**Data:**
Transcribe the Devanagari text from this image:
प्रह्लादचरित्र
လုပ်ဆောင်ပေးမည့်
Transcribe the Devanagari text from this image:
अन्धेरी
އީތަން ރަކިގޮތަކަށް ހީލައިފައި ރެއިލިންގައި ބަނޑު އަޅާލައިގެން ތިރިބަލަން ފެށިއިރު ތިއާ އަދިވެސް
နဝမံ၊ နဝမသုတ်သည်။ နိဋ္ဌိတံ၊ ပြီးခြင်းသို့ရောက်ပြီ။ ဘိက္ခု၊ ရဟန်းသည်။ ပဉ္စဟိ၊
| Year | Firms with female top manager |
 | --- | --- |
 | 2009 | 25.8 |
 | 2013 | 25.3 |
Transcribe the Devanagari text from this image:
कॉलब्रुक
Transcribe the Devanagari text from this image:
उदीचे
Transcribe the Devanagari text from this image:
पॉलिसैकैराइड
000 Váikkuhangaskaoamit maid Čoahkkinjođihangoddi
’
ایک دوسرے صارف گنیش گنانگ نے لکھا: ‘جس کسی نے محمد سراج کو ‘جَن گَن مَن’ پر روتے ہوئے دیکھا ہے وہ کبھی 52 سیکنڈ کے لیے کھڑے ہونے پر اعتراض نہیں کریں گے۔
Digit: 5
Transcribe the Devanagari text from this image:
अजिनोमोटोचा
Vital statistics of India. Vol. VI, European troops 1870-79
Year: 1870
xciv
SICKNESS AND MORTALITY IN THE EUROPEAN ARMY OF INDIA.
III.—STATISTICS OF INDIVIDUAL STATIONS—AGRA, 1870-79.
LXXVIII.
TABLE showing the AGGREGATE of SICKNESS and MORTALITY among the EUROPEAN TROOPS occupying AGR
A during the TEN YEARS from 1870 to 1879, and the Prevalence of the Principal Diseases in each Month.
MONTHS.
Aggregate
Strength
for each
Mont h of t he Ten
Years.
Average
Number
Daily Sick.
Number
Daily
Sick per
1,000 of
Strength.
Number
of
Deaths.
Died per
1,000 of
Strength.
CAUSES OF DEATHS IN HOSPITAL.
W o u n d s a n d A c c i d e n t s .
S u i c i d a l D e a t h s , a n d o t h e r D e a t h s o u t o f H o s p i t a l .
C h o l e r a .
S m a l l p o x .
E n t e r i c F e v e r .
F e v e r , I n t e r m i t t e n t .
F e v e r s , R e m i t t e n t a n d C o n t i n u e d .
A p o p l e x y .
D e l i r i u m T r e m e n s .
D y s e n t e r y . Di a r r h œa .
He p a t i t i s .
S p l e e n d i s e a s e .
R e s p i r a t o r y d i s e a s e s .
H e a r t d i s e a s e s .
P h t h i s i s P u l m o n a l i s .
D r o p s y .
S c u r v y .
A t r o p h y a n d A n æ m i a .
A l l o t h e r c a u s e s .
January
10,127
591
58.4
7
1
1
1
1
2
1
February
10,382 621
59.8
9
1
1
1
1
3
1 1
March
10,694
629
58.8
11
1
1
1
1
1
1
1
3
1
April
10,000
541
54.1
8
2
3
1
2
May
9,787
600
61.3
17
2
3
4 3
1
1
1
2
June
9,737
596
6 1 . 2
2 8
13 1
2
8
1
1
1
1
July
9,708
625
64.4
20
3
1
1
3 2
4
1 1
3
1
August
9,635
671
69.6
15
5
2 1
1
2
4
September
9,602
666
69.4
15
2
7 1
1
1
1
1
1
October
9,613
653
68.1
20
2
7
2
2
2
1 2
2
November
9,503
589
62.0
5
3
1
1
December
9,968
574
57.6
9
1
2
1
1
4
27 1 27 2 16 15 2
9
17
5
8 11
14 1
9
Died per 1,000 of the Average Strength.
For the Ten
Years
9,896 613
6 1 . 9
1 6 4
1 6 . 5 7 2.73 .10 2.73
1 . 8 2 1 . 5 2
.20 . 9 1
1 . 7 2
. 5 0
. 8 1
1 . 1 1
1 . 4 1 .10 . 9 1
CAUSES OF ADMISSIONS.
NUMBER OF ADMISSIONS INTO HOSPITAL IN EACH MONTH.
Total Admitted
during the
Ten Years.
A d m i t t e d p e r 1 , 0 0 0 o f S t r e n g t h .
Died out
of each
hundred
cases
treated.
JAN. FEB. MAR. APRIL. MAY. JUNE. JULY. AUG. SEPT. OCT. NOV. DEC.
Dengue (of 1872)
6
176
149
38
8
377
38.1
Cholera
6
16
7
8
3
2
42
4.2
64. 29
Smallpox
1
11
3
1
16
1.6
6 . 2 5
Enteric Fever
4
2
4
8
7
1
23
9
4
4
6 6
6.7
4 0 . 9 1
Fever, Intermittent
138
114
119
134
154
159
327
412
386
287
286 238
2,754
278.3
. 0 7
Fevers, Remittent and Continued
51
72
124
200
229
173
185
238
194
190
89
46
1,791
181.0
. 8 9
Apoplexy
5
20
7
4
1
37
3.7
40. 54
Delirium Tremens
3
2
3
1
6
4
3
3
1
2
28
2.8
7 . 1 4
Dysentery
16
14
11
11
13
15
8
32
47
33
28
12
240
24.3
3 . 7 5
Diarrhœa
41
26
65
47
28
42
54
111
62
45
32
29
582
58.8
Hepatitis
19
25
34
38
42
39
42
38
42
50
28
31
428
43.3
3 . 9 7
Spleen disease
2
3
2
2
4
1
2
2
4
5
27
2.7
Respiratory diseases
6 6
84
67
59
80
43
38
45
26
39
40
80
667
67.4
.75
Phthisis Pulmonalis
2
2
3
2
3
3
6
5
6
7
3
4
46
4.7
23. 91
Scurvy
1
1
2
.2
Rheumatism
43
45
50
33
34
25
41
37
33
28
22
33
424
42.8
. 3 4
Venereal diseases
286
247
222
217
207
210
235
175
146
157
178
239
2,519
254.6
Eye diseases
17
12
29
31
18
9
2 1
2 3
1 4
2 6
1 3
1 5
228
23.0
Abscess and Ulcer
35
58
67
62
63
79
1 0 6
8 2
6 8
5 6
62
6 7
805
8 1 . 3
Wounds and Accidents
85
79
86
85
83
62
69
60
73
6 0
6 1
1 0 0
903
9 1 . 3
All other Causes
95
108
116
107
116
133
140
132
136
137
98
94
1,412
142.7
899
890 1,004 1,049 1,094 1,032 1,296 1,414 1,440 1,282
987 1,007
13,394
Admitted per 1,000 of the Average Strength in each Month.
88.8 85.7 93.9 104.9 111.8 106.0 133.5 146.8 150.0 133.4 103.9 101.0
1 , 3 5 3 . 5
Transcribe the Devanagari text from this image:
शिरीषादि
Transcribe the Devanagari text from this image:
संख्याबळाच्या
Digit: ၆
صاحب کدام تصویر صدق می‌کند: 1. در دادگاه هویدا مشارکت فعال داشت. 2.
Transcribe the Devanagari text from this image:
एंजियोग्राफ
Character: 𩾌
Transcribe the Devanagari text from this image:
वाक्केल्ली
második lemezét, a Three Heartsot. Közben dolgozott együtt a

**Exercise objective:** If a line of the data holds the string "MORTALITY", count it. Then state the total and nothing more.

**Answer:** 2